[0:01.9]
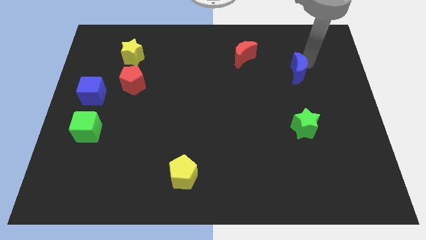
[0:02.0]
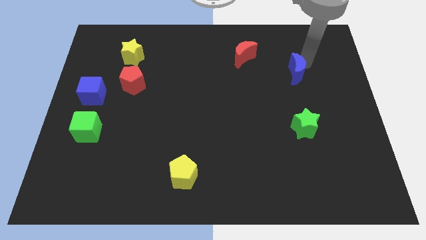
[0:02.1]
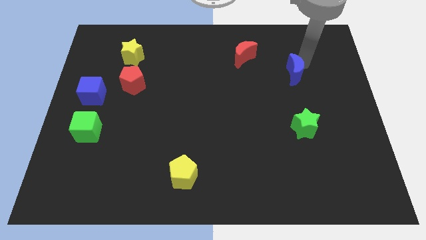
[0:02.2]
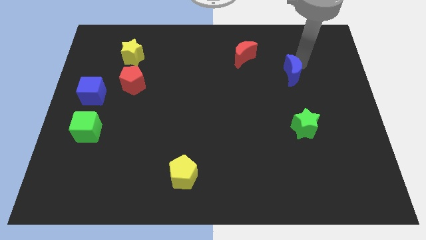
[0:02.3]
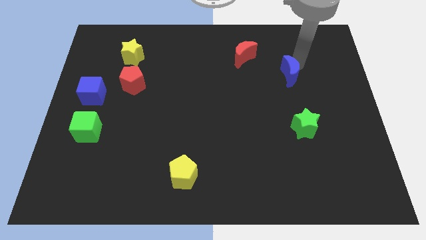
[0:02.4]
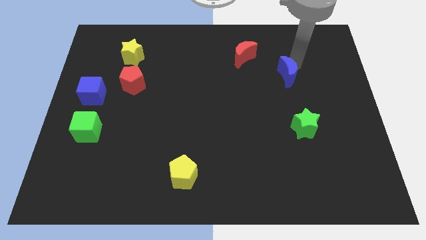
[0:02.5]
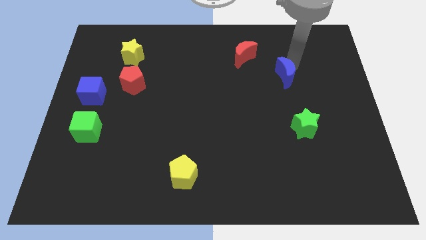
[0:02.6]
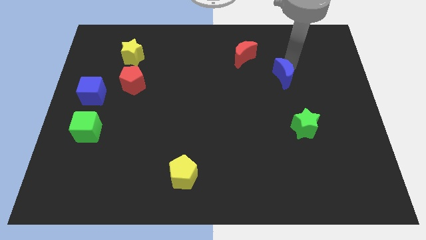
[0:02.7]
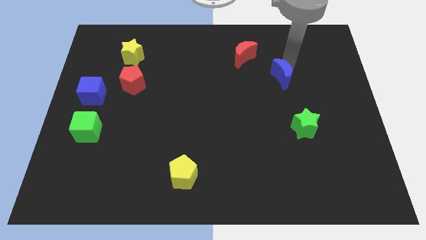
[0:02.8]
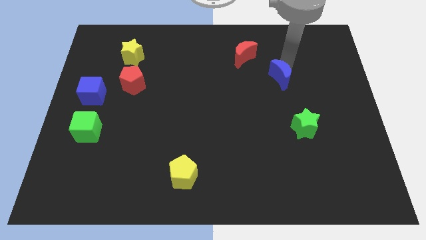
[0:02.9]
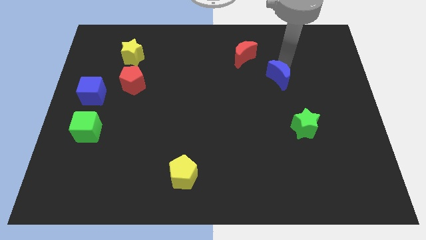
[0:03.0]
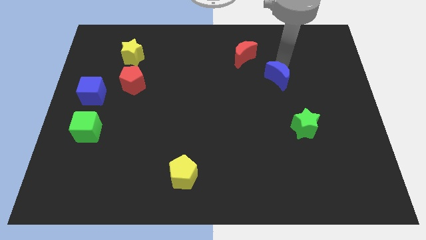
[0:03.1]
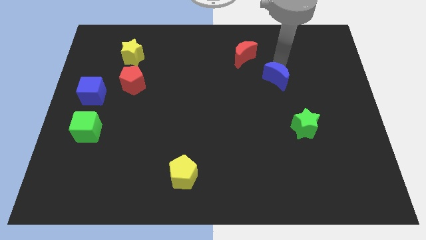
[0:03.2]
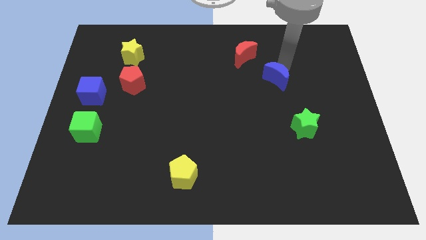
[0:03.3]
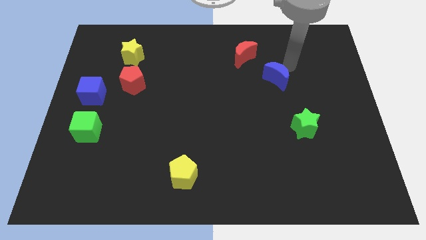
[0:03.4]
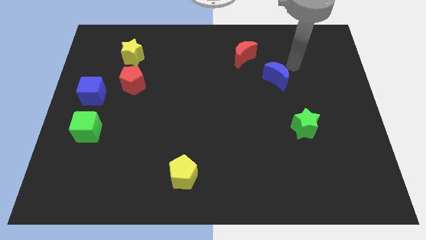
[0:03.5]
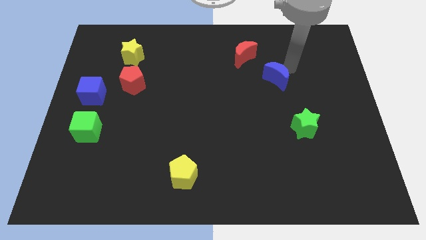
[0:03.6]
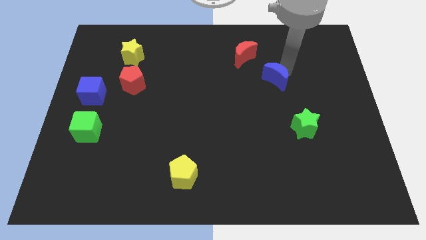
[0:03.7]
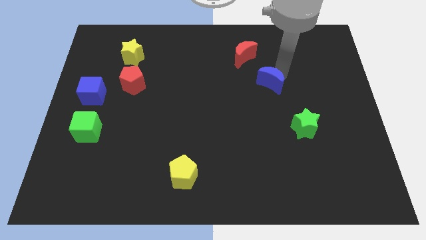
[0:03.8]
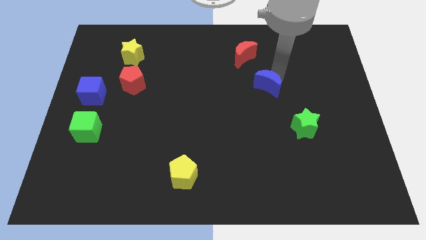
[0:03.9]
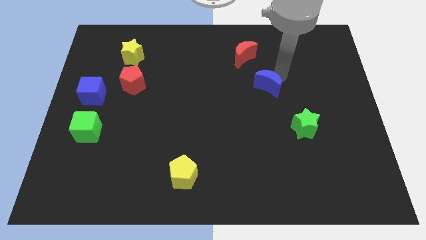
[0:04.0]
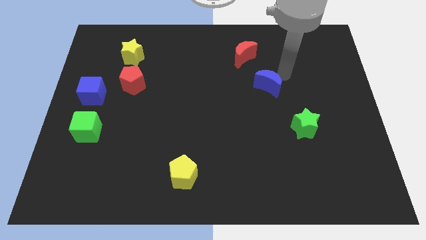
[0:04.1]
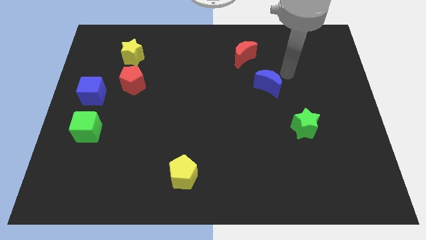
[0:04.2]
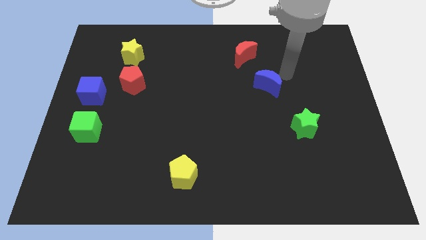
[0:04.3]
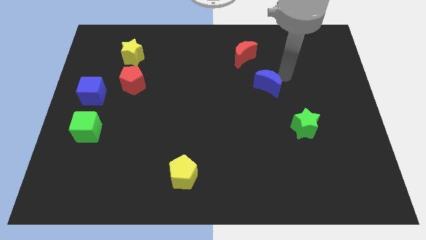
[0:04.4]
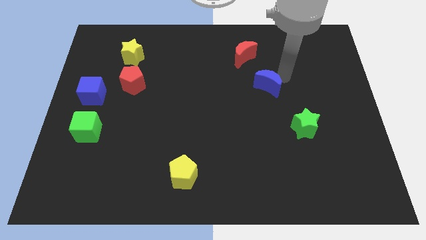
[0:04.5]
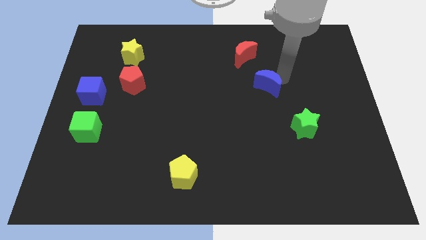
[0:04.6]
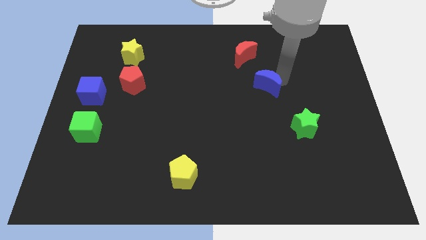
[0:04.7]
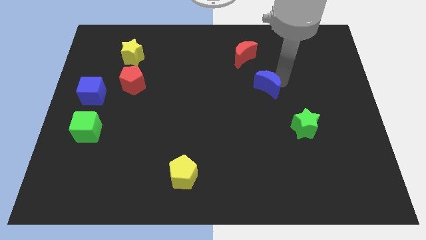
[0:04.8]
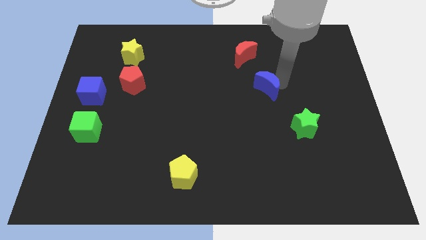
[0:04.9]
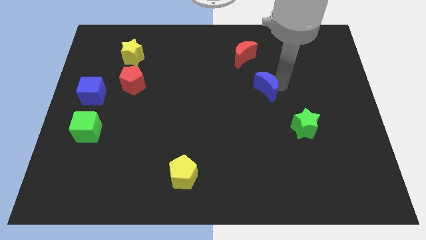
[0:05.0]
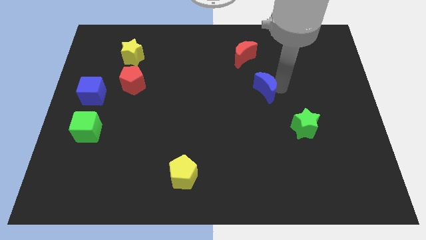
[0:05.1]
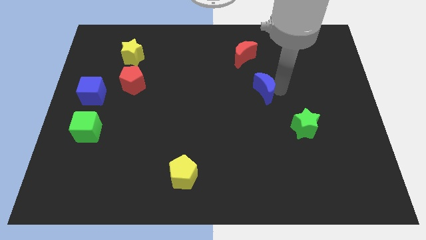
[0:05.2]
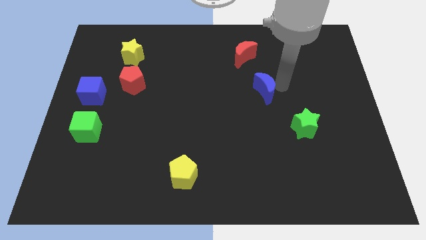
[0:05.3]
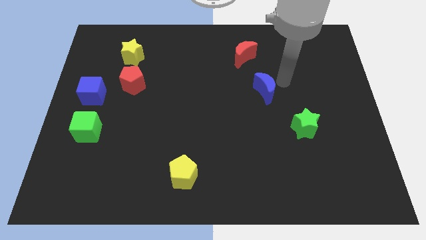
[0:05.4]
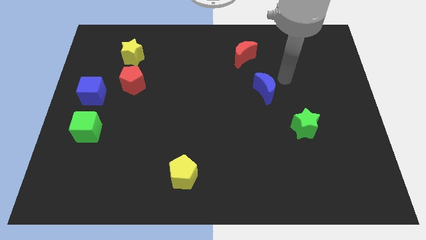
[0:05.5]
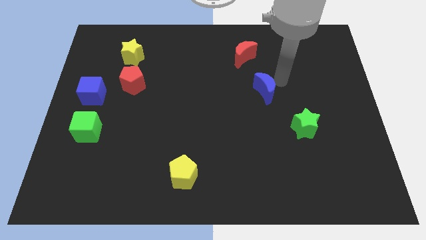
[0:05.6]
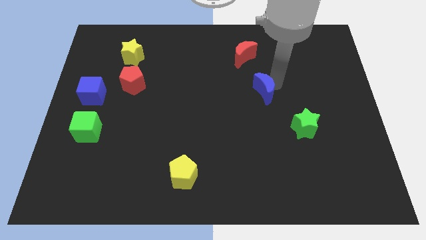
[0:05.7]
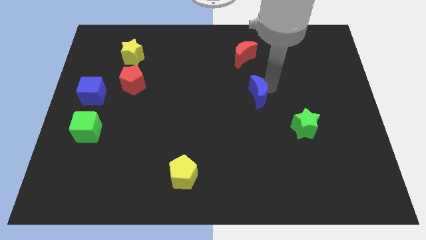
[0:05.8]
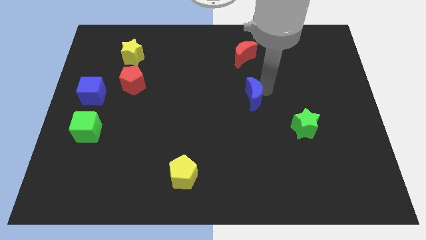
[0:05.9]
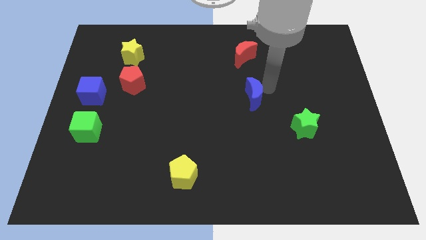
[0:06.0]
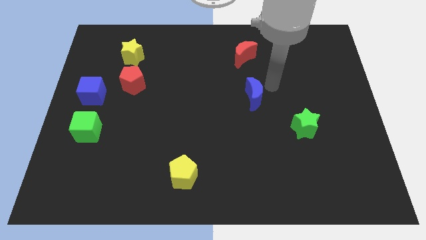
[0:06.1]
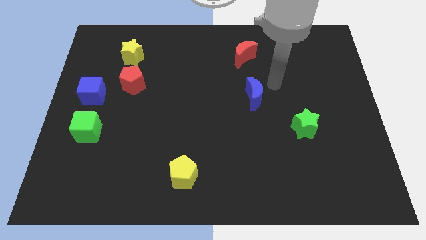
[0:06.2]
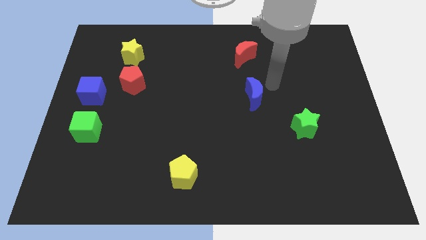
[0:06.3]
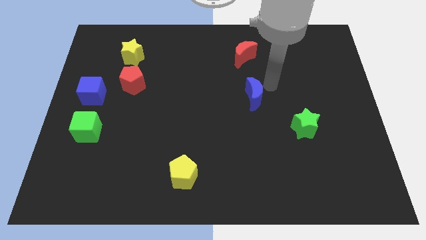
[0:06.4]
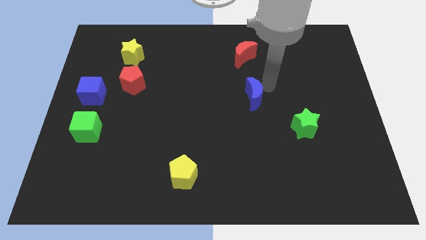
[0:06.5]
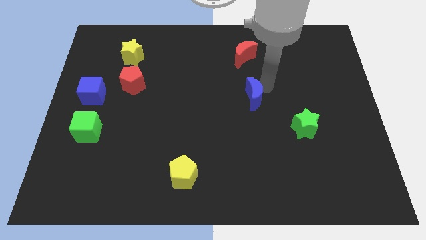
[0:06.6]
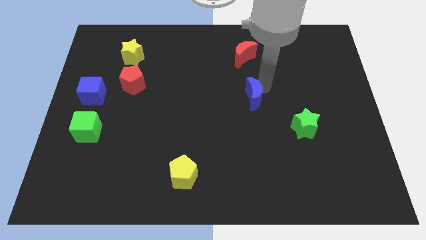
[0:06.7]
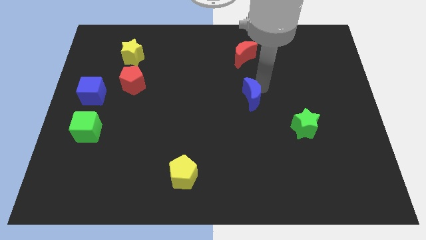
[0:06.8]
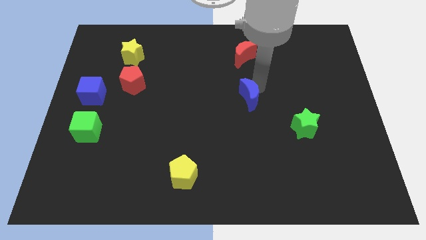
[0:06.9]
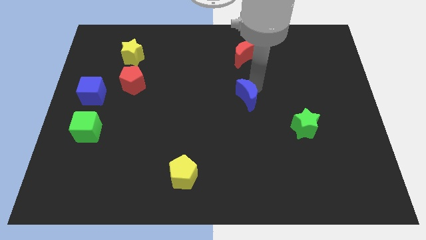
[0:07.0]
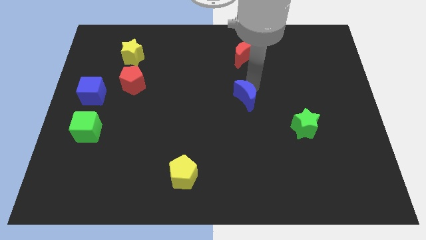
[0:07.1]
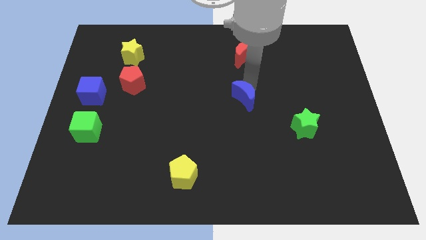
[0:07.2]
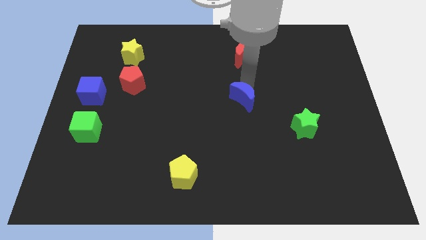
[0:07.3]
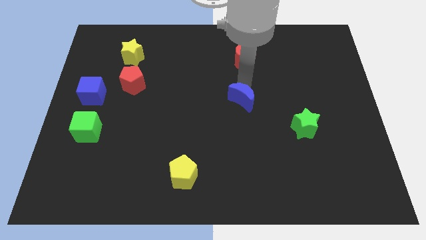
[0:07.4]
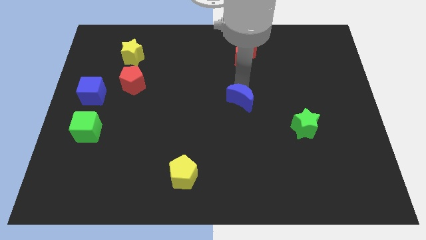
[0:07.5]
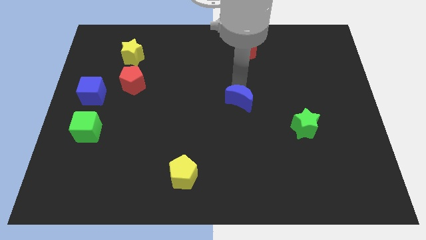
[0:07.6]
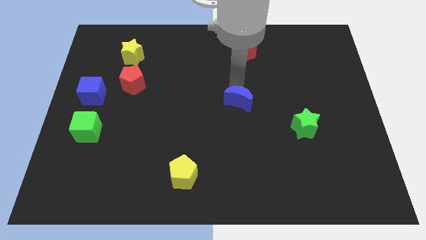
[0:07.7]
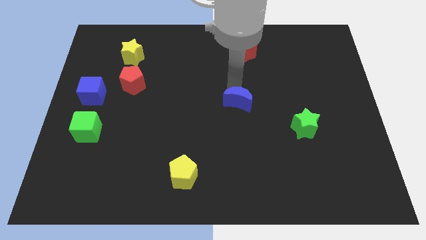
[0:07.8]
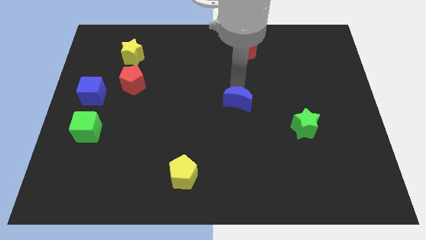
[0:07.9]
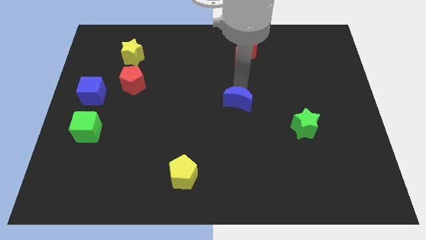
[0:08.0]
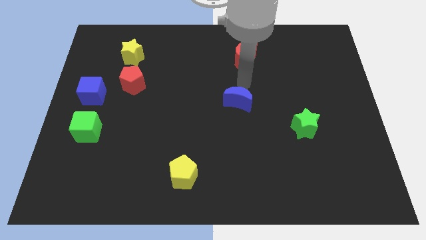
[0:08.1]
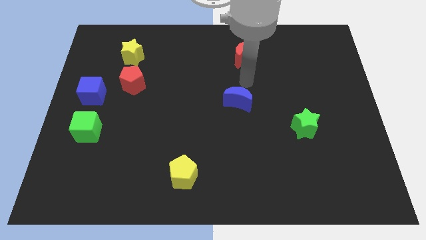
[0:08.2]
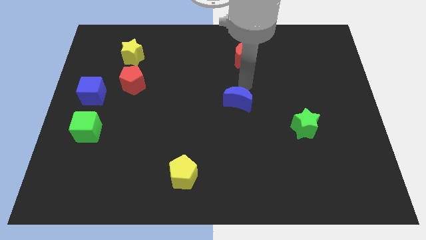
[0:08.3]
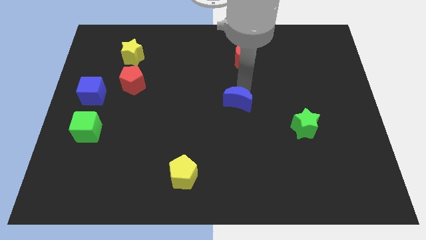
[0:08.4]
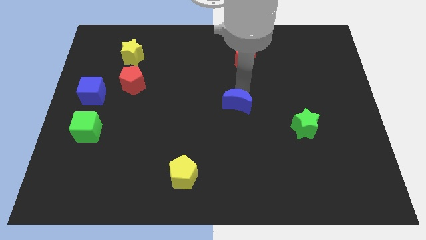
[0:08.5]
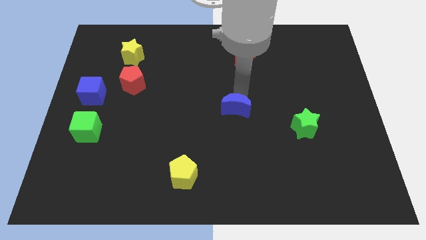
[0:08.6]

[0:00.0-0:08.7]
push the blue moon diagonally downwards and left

> _Task goal_
Drop the pictures and copy the data exactly.

> _Your solution_
[0:01.9]
[0:02.0]
[0:02.1]
[0:02.2]
[0:02.3]
[0:02.4]
[0:02.5]
[0:02.6]
[0:02.7]
[0:02.8]
[0:02.9]
[0:03.0]
[0:03.1]
[0:03.2]
[0:03.3]
[0:03.4]
[0:03.5]
[0:03.6]
[0:03.7]
[0:03.8]
[0:03.9]
[0:04.0]
[0:04.1]
[0:04.2]
[0:04.3]
[0:04.4]
[0:04.5]
[0:04.6]
[0:04.7]
[0:04.8]
[0:04.9]
[0:05.0]
[0:05.1]
[0:05.2]
[0:05.3]
[0:05.4]
[0:05.5]
[0:05.6]
[0:05.7]
[0:05.8]
[0:05.9]
[0:06.0]
[0:06.1]
[0:06.2]
[0:06.3]
[0:06.4]
[0:06.5]
[0:06.6]
[0:06.7]
[0:06.8]
[0:06.9]
[0:07.0]
[0:07.1]
[0:07.2]
[0:07.3]
[0:07.4]
[0:07.5]
[0:07.6]
[0:07.7]
[0:07.8]
[0:07.9]
[0:08.0]
[0:08.1]
[0:08.2]
[0:08.3]
[0:08.4]
[0:08.5]
[0:08.6]

[0:00.0-0:08.7]
push the blue moon diagonally downwards and left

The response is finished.